Employing a novel planet-finding technique, the strongest evidence yet of three young planets-in-the-making has been imaged by two independent teams of astronomers using the Atacama Large Millimeter/submillimeter Array (ALMA).
These fledgling planets – known as protoplanets, are still enshrouded in a giant disc of gas and dust surrounding a young infant star at its centre. These proto-systems will eventually flourish into fully-formed planetary systems, much like our own, but at the moment detecting planets in such an early stage of evolution has proven incredibly difficult and as yet, there have been no unambiguous detection's before now.
This new discovery has been made possible by identifying disturbances in the flow of gas within a protoplanetary disc around HD 163296, a young star in the constellation of Sagittarius (The Archer), about 330 light-years from Earth. This pre-main sequence star has roughly twice the mass of the Sun but is just four million years old — so around a thousandth of the age of the Sun.
“Measuring the flow of gas within a protoplanetary disc gives us much more certainty that planets are present around a young star,” said Christophe Pinte of Monash University in Australia and Institut de Planétologie et d'Astrophysique de Grenoble in France, and lead author on one of the two recently published research papers. “This technique offers a promising new direction to understand how planetary systems form.”
ALMA image of the protoplanetary disk surrounding the young star HD 163296 as seen in dust. New observations suggested that two planets are in orbit around the star. These planets, which are not yet fully formed, revealed themselves by the dual imprint they left in both the dust and the gas portions of the star’s protoplanetary disk.
The technique that the two teams used was the study of subtle changes in the wavelength of light from carbon monoxide (CO) gas spread throughout the disc.

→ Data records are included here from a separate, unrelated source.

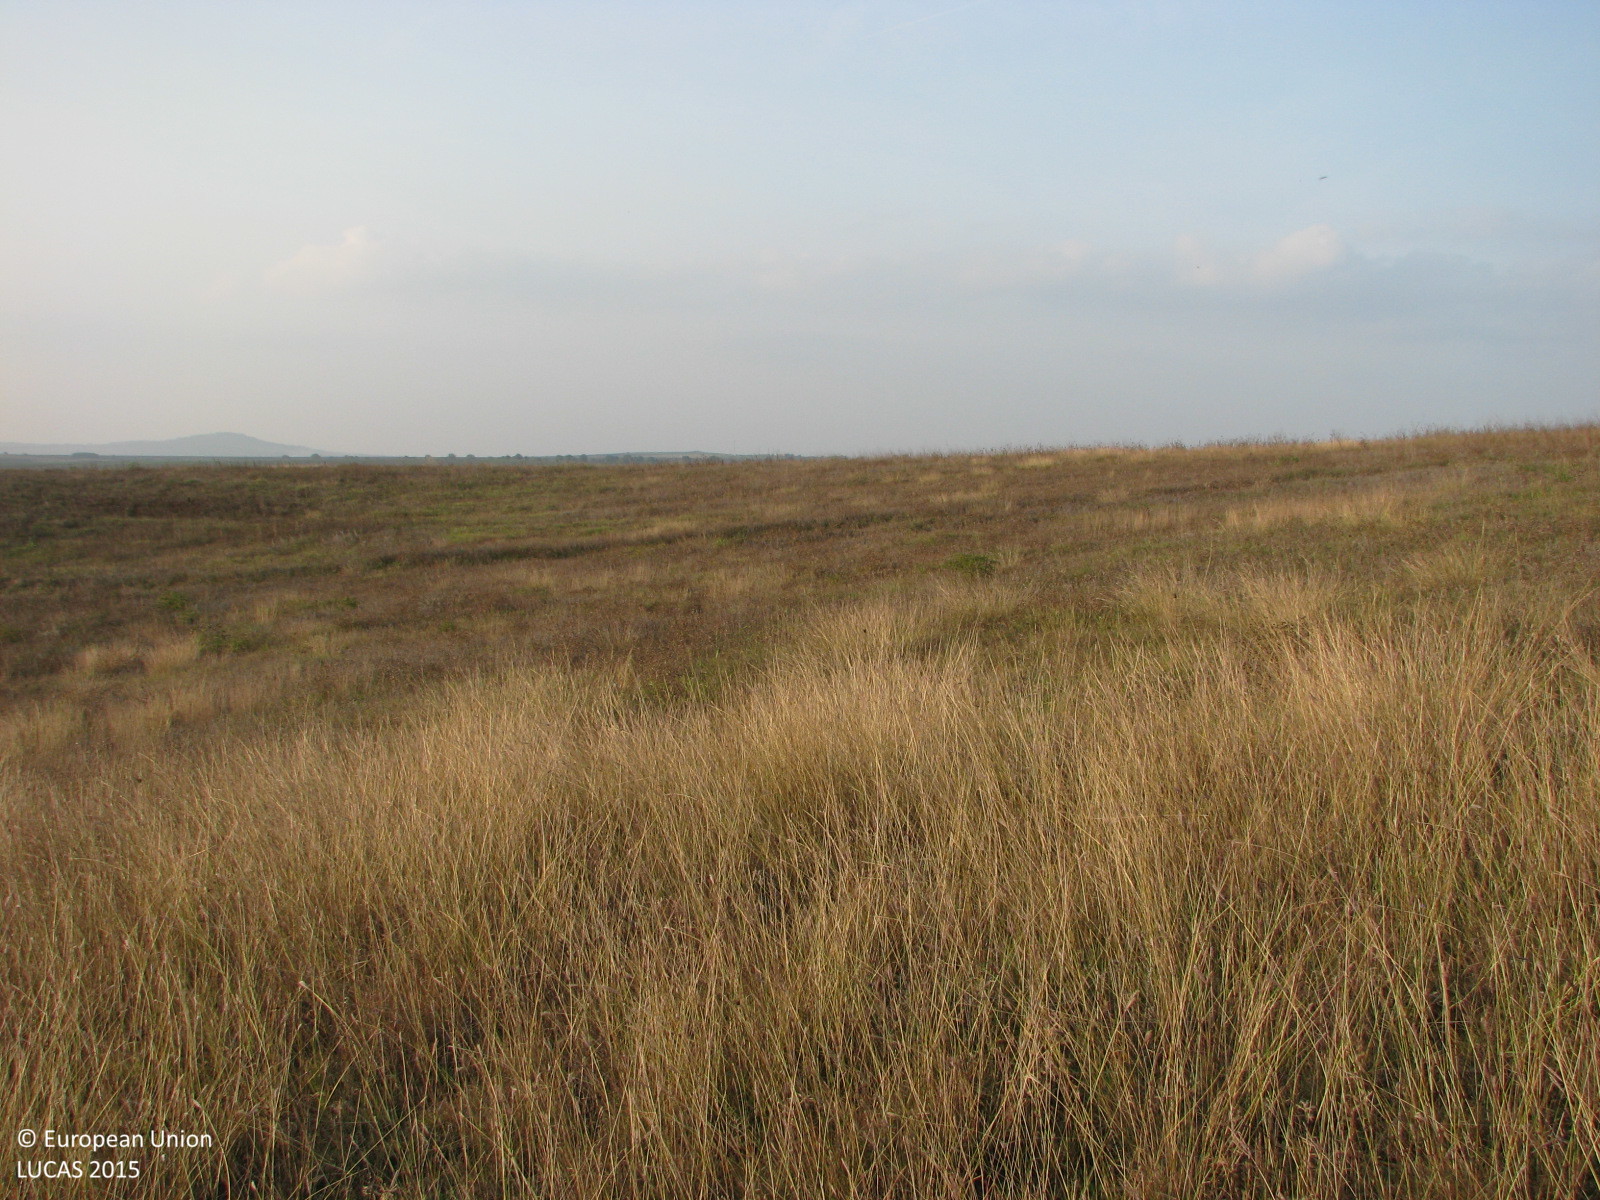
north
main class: Grassland
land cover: Grassland without tree/shrub cover
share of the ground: > 75 %
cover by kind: herbaceous plants 100 %
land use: Agriculture (excluding fallow land and kitchen gardens)
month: October
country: BG
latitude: 42.2954
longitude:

CO emits a very distinctive millimetre-wavelength light that ALMA can observe in great detail, and it revealed swirling motions of gas akin to how water flows around a rock in a river, which signified the existence of three planets located approximately 12 billion, 21 billion and 39 billion kilometres from HD 163296.
The motion of gas around a star when no planets are present has a very simple, predictable pattern that is nearly impossible to alter a unless a relatively massive object is on hand to create such disturbances.
“We looked at the localised, small-scale motion of gas in the star’s protoplanetary disc. This entirely new approach could uncover some of the youngest planets in our galaxy, all thanks to the high-resolution images from ALMA,” said Richard Teague, an astronomer at the University of Michigan and principal author on the other paper that identified the two closest in protoplanets.
This image shows part of the ALMA data set at one wavelength and reveals a clear ‘kink’ in the material, which indicates unambiguously the presence of one of the HD 163296 planets; the annotation shows the predicted position of the planet in question.
Combining the ALMA CO observations with computer-modeling work allowed the researchers to estimate the masses of the young exoplanets. All three of them appear to be gas giants, with masses not too different from that of Jupiter, the researchers said.
Astronomers have discovered more than 3,700 confirmed exoplanets to date. The vast majority have been detected using one of two strategies — the "transit method," which notes the tiny brightness dips caused when a world crosses its host star's face; or the "radial-velocity method," which picks up the slight movements in a star induced by the gravitational tug of an orbiting planet.
By refining this method, the teams hope to better understand how atmospheres are formed and which elements and molecules are incorporated into a planet from birth.